Para empezar, utilice los cebadores específicos 515f y 806r para amplificar la región hipervariable V4 del gen 16S rNA. Realice la PCR utilizando las condiciones dadas. A continuación, agregue 3,5 microlitros de tampón de secuenciación y 1,5 microlitros de mezcla de enzimas al tubo.
Después de mezclar y girar la muestra, configure una reacción de termociclador. Ahora, agregue la mezcla de ligadura del adaptador en el tubo e incube a 20 grados centígrados durante 15 minutos en un termociclador. Agregue 1,5 microlitros de enzima reactiva de extensión específica de uracilo a la mezcla de ligadura e incube a 37 grados centígrados durante 15 minutos.
Ahora, agregue 43.5 microlitros de perlas magnéticas al ADN de ligadura adaptador y mezcle 20 veces. Después de cinco minutos, coloque el tubo en una rejilla magnética durante cinco a 10 minutos para separar las perlas y deseche el sobrenadante. Lavar el pellet con 100 microlitros de etanol al 80% y secar las perlas durante 30 segundos.
Para eluir las perlas en gránulos, agregue 8,5 microlitros de Tris HCl de 10 milimolares en el tubo e incube durante dos minutos. Coloque el tubo en una rejilla magnética y extraiga 7,5 microlitros de ADN eludido como sobrenadante en un nuevo tubo. Agregue reactivos de PCR al tubo adaptador que contiene ADN ligado para configurar una reacción de 25 microlitros.
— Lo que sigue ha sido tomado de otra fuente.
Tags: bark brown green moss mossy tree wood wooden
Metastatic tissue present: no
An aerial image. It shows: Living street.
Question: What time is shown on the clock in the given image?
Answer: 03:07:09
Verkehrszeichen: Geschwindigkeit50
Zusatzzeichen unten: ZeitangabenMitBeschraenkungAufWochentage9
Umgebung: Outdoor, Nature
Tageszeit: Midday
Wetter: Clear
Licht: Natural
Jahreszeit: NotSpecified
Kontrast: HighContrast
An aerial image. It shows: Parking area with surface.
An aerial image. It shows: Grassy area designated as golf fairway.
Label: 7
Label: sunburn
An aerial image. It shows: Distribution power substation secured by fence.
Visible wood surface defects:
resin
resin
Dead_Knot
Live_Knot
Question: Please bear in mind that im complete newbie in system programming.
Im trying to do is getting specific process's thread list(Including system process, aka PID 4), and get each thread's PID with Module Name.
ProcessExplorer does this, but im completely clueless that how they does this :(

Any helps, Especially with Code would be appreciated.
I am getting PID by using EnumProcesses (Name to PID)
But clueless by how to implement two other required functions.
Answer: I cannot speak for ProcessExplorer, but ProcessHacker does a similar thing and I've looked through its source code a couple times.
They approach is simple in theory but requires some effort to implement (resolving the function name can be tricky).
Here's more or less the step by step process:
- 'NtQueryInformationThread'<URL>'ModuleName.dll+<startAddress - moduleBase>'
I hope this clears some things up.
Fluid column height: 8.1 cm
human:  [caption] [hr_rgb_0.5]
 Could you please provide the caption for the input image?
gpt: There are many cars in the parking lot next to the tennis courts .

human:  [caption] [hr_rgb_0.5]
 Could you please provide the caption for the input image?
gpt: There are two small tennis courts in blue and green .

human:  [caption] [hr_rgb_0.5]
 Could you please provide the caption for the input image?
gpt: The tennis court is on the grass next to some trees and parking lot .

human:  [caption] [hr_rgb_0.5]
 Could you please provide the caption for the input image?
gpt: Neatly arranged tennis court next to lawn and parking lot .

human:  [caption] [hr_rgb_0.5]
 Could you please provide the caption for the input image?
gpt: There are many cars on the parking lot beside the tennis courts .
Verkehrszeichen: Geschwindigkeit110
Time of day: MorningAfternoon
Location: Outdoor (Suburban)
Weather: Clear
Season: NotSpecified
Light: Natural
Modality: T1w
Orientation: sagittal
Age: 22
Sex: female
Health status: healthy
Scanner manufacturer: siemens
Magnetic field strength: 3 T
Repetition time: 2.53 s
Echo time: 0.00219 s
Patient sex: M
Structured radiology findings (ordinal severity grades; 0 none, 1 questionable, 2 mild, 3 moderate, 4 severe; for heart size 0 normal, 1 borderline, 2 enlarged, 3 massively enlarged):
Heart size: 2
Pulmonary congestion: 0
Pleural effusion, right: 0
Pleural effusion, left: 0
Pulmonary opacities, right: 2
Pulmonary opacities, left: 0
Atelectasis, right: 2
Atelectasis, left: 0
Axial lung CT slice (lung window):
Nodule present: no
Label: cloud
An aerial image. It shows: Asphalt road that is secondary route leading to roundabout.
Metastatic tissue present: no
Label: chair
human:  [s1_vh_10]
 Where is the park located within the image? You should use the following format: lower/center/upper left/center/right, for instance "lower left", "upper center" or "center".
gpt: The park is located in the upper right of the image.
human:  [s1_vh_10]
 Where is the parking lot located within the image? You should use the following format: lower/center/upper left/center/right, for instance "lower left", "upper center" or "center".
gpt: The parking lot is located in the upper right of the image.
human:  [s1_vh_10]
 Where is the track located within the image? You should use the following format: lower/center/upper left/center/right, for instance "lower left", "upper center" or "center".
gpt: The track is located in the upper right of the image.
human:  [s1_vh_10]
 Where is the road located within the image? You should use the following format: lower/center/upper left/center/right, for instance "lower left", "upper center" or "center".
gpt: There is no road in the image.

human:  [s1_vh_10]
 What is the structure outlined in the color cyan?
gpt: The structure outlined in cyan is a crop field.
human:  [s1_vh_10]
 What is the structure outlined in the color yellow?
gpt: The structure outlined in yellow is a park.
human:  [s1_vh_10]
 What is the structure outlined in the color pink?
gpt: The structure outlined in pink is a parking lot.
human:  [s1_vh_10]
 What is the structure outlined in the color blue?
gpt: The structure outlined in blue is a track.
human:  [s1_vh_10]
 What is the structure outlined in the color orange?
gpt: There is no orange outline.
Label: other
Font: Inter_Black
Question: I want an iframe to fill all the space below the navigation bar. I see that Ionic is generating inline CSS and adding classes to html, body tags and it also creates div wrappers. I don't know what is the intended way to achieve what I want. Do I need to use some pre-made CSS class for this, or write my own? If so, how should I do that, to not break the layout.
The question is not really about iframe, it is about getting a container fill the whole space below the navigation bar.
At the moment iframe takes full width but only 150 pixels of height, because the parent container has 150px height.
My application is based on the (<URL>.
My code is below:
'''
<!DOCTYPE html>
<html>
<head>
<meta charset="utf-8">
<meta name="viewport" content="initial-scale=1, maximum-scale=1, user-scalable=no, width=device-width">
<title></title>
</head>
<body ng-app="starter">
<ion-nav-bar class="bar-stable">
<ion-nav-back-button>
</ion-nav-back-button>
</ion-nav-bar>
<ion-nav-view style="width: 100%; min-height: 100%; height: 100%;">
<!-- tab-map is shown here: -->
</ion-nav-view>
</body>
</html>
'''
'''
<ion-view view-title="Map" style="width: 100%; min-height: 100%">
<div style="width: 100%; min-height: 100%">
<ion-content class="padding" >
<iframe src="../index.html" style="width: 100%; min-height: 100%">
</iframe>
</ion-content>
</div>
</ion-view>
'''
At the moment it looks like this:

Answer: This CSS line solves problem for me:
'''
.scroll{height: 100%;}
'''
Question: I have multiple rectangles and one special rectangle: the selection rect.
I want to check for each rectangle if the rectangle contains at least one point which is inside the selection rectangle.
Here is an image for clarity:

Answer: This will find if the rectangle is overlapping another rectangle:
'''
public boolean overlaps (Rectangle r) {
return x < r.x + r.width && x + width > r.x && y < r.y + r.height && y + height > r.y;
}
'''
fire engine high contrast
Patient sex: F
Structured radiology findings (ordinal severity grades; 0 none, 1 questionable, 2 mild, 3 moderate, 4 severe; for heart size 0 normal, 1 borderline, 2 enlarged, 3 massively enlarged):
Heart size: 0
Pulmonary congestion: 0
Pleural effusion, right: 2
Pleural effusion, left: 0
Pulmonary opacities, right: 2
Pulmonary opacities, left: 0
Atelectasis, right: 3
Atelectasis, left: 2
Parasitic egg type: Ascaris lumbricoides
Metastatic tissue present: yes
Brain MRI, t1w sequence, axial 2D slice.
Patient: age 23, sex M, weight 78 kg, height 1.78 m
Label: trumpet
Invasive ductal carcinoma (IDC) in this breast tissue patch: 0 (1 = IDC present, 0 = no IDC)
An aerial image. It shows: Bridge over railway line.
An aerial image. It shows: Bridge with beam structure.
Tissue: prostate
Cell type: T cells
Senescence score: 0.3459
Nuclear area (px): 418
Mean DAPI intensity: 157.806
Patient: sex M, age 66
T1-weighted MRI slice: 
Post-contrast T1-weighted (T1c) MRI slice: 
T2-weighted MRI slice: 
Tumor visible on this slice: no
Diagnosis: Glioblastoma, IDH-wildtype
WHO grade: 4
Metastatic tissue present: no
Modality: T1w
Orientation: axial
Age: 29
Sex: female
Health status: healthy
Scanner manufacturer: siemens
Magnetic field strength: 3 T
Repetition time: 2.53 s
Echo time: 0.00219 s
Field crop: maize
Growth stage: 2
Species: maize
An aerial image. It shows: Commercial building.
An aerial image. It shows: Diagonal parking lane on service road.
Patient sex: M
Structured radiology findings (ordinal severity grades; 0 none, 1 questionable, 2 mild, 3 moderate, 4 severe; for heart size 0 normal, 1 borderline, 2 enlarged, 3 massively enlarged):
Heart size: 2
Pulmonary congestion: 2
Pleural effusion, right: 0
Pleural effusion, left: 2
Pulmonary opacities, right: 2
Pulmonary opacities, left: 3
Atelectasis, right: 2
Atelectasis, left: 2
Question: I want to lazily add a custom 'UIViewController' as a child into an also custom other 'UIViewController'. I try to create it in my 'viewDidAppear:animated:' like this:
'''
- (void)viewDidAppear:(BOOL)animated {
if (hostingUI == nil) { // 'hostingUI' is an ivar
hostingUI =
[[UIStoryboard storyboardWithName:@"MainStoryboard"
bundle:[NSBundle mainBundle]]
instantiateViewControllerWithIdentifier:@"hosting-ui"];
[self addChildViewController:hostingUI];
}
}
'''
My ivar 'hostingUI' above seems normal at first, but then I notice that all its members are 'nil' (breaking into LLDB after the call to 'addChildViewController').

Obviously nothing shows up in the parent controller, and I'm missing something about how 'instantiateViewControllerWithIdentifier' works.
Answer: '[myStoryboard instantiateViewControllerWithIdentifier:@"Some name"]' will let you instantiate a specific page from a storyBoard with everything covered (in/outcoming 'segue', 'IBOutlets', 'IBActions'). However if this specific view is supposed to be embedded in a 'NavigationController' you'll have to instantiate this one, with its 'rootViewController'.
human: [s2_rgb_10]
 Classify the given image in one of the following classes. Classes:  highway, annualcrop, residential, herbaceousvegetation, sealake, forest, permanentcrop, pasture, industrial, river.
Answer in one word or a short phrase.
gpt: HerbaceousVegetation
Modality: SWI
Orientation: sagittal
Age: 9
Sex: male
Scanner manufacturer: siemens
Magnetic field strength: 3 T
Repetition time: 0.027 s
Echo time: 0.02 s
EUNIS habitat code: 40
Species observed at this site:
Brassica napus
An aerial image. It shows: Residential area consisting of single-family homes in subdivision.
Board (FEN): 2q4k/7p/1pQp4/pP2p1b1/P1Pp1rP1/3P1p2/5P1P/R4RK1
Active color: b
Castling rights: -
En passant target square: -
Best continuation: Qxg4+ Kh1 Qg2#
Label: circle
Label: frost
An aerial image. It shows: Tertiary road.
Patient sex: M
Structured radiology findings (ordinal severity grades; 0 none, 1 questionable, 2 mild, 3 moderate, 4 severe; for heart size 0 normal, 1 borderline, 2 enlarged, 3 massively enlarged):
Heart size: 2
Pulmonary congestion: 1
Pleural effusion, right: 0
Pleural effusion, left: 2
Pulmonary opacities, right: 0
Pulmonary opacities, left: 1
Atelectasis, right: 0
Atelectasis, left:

Para limpiar el ADN amplificado, agregue 22,5 microlitros de perlas magnéticas en el tubo y mezcle 20 veces. Después de cinco minutos, retire 50 microlitros de sobrenadante y lave las perlas con 100 microlitros de etanol al 80%. Vuelva a suspender las perlas de color marrón oscuro en 16 microlitros de agua y mezcle 20 veces.
Coloque el tubo en la rejilla magnética durante 30 a 60 segundos y transfiera 15 microlitros a un tubo nuevo. Mezcle 90 microlitros de tampón, un microlitro de tinte y dos microlitros de muestra de biblioteca de ADN y lea la concentración de ADN en un fluorímetro. Después de diluir el ADN en dos nanomolares, cargue de 27 a 30 microlitros de la celda de flujo y colóquela en el secuenciador.
Guarde los archivos FASTQ obtenidos del secuenciador. Haga clic para abrir un archivo de hoja de cálculo y crear un archivo de asignación o metadatos. Abra el sitio web de Nephele, cargue los archivos FASTQ y lea QC End QIIME2, Perform Filtering and Trimming.
A continuación, con DADA2, ejecute lecturas de extremos emparejados demultiplexados, sustitución de filtros, errores de quimera y fusión. Utilice el clasificador Bayes ingenuo entrenado en la unidad taxonómica operativa Silva versión 132 99%, o base de datos OTU, para realizar la asignación taxonómica bacteriana con una similitud del 97%. Abra el sitio web de MicrobiomeDB.
Haga clic para cargar los archivos y generar las curvas de diversidad alfa, diversidad beta, abundancia relativa y rarefacción de OTU. Finalmente, abra una hoja de cálculo y transfiera datos para hacer mapas de calor, diagramas de Venn y tamaño de efecto de análisis discriminante lineal. Un mapa de calor basado en la abundancia relativa de bacterias en diferentes etapas de la vinificación mostró el dominio de filos como Proteobacteria, Actinobacteriota, Firmicutes, Bacteroidota y Fusobacteriota.
A nivel de género, se identificaron géneros importantes como Enterobacteriaceae y Lactobacillaceae. Un análisis del diagrama de Venn reveló 15 OTU únicas compartidas desde el mosto de uva hasta el vino final. Los resultados de la secuenciación del amplicón basada en la región variable V4 también indicaron la diversidad alfa en las dos traminetas R y L. El análisis de la diversidad beta mostró un cambio en las bacterias durante la fermentación, pero la composición bacteriana en el vino final fue similar a la de las etapas de mosto y levadura añadida.